Application of a Pretrained Classifier
The project aims to use maschine learning methods to emulate a cloud classification scheme. The classifer can be trained using large amounts of data and later be used to predict cloud types from satelite data. Those two steps can be run separately.
This notebook contains a short explanation how to use a pretrained classifier in order to predict labels from new input data.
Imports
At first we need to point python to the project folder. The path can be assigned as a relative path as shown below, or as an absolute system path. Than the module can be imported via the import cloud_classifier
command.
[53]:
import sys
sys.path.append('../cloud_classifier')
import cloud_classifier
import importlib
importlib.reload(cloud_classifier)
[53]:
<module 'cloud_classifier' from '/home/squidy/tropos/CTyPyTool/notebooks/../cloud_classifier/cloud_classifier.py'>
Initialization
Our first step is to create a classifier object:
[54]:
cc = cloud_classifier.cloud_classifier()
Than we need to point our classifier object to an already existing classifier. The load_project()
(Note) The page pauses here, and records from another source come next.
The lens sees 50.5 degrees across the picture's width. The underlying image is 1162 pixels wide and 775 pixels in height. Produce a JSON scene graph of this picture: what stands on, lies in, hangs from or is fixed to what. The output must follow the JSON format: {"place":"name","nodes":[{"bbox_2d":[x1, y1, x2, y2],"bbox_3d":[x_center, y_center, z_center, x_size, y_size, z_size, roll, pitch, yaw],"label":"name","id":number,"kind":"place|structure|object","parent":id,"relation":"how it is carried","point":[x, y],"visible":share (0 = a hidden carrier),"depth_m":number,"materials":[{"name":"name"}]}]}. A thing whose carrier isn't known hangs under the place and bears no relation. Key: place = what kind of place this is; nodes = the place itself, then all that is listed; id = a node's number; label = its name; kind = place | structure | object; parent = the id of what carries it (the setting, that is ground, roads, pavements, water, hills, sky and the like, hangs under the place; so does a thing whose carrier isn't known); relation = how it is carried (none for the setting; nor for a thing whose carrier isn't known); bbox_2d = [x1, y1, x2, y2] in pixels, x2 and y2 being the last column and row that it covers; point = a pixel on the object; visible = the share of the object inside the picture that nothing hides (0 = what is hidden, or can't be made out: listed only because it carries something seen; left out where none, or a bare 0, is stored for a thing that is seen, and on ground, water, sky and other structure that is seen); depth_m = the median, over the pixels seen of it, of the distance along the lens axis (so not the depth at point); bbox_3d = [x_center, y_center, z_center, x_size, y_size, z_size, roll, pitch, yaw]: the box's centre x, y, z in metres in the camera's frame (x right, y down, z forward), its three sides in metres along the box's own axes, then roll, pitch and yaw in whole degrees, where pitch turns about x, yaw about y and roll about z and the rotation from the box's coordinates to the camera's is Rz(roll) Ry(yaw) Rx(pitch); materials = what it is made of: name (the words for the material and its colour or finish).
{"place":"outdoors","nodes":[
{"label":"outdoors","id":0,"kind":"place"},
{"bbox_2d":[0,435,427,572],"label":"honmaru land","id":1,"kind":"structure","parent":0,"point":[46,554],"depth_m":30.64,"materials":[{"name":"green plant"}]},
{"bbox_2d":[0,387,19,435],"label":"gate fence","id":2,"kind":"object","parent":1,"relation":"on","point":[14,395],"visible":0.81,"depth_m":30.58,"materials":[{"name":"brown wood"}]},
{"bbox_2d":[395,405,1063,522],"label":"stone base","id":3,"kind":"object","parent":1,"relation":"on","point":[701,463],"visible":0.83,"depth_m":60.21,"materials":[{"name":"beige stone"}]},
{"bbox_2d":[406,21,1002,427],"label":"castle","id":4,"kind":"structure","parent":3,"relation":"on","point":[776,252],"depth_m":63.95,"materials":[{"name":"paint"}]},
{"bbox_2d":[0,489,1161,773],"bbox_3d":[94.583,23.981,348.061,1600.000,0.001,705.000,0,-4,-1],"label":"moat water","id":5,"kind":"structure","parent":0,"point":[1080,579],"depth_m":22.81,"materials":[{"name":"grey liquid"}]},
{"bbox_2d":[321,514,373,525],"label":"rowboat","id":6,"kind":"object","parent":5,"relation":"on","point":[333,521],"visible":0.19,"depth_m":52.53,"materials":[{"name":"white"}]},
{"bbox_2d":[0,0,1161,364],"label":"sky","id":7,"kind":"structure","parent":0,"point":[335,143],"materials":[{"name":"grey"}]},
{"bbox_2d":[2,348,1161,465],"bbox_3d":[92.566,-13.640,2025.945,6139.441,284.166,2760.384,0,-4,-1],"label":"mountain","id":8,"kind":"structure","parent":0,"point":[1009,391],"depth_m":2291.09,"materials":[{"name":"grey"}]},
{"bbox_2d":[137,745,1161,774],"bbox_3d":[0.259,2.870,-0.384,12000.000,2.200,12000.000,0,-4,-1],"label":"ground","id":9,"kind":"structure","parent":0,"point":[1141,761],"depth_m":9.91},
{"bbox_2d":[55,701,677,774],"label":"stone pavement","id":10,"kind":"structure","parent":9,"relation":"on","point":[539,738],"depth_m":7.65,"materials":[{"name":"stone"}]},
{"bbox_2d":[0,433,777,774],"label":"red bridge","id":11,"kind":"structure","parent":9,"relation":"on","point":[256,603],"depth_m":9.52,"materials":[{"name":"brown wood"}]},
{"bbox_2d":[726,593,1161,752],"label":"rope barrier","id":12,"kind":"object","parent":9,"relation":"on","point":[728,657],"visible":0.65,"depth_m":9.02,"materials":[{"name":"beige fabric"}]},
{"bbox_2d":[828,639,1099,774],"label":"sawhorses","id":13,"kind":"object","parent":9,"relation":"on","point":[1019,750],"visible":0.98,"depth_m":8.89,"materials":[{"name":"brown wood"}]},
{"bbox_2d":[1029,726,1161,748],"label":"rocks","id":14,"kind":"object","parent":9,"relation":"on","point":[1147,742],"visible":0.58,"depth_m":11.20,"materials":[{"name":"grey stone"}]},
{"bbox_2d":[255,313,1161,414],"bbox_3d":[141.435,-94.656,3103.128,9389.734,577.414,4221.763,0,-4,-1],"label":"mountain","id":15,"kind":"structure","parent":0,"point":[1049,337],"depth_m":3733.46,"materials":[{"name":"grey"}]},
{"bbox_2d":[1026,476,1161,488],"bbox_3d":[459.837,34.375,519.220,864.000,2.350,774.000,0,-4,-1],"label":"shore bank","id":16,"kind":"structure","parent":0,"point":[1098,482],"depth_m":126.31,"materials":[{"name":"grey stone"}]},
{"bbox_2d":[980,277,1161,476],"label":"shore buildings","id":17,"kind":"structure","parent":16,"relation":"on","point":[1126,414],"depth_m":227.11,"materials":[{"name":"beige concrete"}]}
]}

method will load an existing classifier into our classifier object.
[55]:
path = "../classifiers/TreeClassifier"
cc.load_project(path)
Applying the Classifier: Prediction of Cloud Type Labels
Using a User-Defined File List
In order to predict labels with the now loaded classifier, we need to specify input files of satelite data. This can be done manually via in input_files
option in the set_project_parameters
method.
[56]:
file_1 = "../data/example_data/msevi-medi-20190317_1800.nc"
file_2 = "../data/example_data/msevi-medi-20190318_1100.nc"
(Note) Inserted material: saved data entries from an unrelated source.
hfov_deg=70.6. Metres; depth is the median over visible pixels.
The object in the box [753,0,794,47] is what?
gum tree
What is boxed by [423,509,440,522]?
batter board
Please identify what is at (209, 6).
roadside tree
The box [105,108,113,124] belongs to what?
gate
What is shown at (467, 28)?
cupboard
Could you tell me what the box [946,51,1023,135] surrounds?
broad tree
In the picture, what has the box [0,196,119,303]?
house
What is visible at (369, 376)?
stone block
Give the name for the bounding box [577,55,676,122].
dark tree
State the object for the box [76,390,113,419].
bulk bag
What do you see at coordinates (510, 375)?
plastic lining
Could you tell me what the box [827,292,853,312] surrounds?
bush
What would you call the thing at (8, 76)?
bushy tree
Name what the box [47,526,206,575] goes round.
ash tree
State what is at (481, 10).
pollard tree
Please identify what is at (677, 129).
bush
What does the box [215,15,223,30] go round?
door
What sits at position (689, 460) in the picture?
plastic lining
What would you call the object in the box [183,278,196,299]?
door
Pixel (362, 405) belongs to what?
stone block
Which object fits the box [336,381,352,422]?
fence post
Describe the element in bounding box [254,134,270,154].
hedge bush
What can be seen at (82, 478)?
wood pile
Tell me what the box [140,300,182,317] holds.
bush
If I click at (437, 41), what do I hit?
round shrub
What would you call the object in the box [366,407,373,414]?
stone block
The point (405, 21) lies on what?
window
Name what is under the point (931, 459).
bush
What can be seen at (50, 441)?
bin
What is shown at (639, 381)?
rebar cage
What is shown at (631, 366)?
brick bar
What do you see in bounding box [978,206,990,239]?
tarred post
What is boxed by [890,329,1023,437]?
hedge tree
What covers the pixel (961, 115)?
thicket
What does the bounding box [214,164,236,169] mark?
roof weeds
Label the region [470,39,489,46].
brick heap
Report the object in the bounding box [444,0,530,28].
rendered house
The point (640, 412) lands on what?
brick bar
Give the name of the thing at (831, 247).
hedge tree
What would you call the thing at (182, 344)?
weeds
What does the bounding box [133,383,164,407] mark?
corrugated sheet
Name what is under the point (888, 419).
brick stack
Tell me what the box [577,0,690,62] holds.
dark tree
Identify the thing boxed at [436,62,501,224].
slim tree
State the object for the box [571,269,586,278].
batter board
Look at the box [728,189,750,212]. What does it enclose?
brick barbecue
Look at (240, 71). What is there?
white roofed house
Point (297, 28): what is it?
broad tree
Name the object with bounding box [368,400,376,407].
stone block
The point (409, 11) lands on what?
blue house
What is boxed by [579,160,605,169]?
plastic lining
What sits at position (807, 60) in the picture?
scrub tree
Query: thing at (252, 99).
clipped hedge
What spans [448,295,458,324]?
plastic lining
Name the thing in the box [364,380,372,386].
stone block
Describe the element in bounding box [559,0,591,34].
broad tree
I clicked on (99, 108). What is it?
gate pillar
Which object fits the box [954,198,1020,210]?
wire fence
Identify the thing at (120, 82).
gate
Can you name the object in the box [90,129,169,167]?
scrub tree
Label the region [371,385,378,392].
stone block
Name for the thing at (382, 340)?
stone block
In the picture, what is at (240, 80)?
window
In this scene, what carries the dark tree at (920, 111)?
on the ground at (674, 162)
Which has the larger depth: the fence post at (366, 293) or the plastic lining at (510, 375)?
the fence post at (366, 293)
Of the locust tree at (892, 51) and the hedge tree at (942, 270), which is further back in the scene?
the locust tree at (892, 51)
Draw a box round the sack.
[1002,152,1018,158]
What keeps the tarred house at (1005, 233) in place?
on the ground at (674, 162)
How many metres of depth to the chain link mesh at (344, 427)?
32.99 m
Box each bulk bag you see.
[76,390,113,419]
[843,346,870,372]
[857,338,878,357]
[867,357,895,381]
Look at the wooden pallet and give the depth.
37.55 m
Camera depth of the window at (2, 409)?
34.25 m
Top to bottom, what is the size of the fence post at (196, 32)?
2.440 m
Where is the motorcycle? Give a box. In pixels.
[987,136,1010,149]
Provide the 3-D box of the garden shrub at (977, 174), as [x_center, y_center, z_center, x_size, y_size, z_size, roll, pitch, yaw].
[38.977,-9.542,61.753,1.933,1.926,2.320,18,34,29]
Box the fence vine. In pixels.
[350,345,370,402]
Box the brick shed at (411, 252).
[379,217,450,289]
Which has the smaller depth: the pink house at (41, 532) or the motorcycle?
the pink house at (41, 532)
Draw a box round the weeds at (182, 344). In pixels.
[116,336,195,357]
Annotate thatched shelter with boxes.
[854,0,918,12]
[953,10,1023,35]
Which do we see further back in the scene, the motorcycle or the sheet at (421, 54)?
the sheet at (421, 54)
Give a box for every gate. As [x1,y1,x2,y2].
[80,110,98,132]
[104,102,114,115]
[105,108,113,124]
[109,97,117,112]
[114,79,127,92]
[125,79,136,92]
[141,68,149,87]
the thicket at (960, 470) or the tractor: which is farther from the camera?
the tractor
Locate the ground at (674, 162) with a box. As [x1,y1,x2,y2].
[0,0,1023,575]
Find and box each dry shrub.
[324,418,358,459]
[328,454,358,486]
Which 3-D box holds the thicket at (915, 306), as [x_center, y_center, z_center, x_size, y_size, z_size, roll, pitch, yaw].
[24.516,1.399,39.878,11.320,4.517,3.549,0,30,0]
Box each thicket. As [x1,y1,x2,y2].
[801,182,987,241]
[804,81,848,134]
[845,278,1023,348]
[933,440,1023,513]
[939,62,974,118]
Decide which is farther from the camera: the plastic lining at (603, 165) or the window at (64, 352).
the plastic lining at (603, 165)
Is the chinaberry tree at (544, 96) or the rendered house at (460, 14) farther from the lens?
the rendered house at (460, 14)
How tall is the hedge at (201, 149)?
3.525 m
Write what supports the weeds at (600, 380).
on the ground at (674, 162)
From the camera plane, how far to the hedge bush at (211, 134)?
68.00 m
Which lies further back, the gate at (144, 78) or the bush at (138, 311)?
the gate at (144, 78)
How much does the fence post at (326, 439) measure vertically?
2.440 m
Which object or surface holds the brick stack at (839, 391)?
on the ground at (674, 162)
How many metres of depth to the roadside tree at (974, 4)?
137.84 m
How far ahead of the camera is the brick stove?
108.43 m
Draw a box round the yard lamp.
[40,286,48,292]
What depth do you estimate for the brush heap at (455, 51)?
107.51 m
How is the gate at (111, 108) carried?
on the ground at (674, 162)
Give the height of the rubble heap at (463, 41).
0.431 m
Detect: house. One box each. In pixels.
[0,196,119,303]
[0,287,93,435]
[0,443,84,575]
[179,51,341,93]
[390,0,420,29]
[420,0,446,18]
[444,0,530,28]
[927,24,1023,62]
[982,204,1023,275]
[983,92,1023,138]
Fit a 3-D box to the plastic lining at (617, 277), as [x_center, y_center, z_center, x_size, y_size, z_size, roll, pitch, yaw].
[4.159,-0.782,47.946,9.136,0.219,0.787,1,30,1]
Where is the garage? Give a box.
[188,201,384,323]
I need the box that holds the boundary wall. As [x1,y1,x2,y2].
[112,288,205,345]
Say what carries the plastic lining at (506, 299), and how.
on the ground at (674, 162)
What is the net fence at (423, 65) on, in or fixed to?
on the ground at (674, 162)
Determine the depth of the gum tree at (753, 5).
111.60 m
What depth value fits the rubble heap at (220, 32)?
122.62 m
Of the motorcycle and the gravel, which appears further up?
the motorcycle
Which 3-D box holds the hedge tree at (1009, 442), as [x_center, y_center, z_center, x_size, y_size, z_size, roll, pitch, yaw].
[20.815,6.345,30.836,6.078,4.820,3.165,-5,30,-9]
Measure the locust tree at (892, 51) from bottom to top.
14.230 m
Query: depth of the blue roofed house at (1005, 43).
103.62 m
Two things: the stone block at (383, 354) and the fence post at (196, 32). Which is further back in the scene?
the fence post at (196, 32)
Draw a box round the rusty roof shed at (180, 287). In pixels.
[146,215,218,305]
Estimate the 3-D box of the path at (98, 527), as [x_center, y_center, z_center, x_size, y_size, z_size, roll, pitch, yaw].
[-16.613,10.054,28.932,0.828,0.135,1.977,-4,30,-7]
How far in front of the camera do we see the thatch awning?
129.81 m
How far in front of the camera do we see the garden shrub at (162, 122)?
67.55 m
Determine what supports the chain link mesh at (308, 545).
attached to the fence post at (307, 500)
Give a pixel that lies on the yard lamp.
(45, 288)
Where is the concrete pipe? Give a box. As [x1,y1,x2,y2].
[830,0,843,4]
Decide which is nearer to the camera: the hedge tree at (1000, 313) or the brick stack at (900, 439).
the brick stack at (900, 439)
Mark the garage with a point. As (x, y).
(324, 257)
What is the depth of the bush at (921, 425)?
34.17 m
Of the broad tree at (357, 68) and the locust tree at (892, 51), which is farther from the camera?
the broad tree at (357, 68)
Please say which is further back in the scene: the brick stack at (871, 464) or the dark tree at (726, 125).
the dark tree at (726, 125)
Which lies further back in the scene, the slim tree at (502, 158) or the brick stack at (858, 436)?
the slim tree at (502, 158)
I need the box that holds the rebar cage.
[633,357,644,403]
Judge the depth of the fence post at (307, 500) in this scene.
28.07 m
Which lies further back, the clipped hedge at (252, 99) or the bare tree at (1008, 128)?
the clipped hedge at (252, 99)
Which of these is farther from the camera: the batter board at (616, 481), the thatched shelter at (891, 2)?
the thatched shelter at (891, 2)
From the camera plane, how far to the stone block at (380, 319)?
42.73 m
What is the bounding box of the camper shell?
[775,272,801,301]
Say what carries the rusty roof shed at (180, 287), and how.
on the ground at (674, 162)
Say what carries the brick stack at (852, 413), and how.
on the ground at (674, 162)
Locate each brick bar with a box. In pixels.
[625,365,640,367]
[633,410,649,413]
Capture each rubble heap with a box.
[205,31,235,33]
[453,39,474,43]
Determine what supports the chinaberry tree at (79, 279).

cc.set_project_parameters(input_files = [file_1, file_2])
We now run the prediction pipeline (with the run_prediction_pipeline()
method) which * applies the classifier to our input data and * stores the predicted labels.
The option create_filelist
is set to False
to take the user-defined input file list.
[57]:
cc.run_prediction_pipeline(create_filelist = False)
/home/squidy/.local/share/virtualenvs/CTyPyTool-idbccFiL/lib/python3.8/site-packages/sklearn/base.py:329: UserWarning: Trying to unpickle estimator DecisionTreeClassifier from version 1.0 when using version 1.0.2. This might lead to breaking code or invalid results. Use at your own risk. For more info please refer to:
https://scikit-learn.org/stable/modules/model_persistence.html#security-maintainability-limitations
warnings.warn(
Classifier loaded!
Masked indices set!
Input vectors created!
Labels saved as nwcsaf_msevi-medi-20190317_1800_predicted.nc
Input vectors created!
Labels saved as nwcsaf_msevi-medi-20190318_1100_predicted.nc
Using an Automatically Generated Input File List
Alternatively to the manual definition, the input file list can be generated automatically.
The easiest way to do so is to put all input files into an input data folder (here it is set to ../data_example_data
) and just tell the classifier where to look via the input_source_folder
option.
[58]:
%%bash
ls -l ../data/example_data
total 30120
-rw-rw-r-- 1 squidy squidy 14946418 Jun 4 2021 msevi-medi-20190317_1800.nc
-rw-rw-r-- 1 squidy squidy 15552552 Jun 4 2021 msevi-medi-20190318_1100.nc
-rw-rw-r-- 1 squidy squidy 155069 Jun 4 2021 nwcsaf_msevi-medi-20190317_1800.nc
-rw-rw-r-- 1 squidy squidy 178946 Jun 4 2021 nwcsaf_msevi-medi-20190318_1100.nc
[59]:
cc.set_project_parameters(input_source_folder = "../data/example_data")
In a next step, we can let the classifier predict labels from the input files we have specified. This is again done with the run_prediction_pipeline()
method.
If we want the classifier to automatically generate a list of input files and therefore set the option create_filelist
to True
.
[60]:
cc.run_prediction_pipeline(create_filelist = True)
Input filelist created!
Classifier loaded!
Masked indices set!
/home/squidy/.local/share/virtualenvs/CTyPyTool-idbccFiL/lib/python3.8/site-packages/sklearn/base.py:329: UserWarning: Trying to unpickle estimator DecisionTreeClassifier from version 1.0 when using version 1.0.2. This might lead to breaking code or invalid results. Use at your own risk. For more info please refer to:
https://scikit-learn.org/stable/modules/model_persistence.html#security-maintainability-limitations
warnings.warn(
Input vectors created!
Labels saved as nwcsaf_msevi-medi-20190318_1100_predicted.nc
Input vectors created!
Labels saved as nwcsaf_msevi-medi-20190317_1800_predicted.nc
Accessing predicted labels
The predicted labels are stored in the folder of the classifier we are using. They are located in the subfolder labels
.
[61]:
%%bash
ls ../classifiers/TreeClassifier/labels
nwcsaf_msevi-medi-20190317_1800_predicted.nc
nwcsaf_msevi-medi-20190318_1100_predicted.nc
[ ]: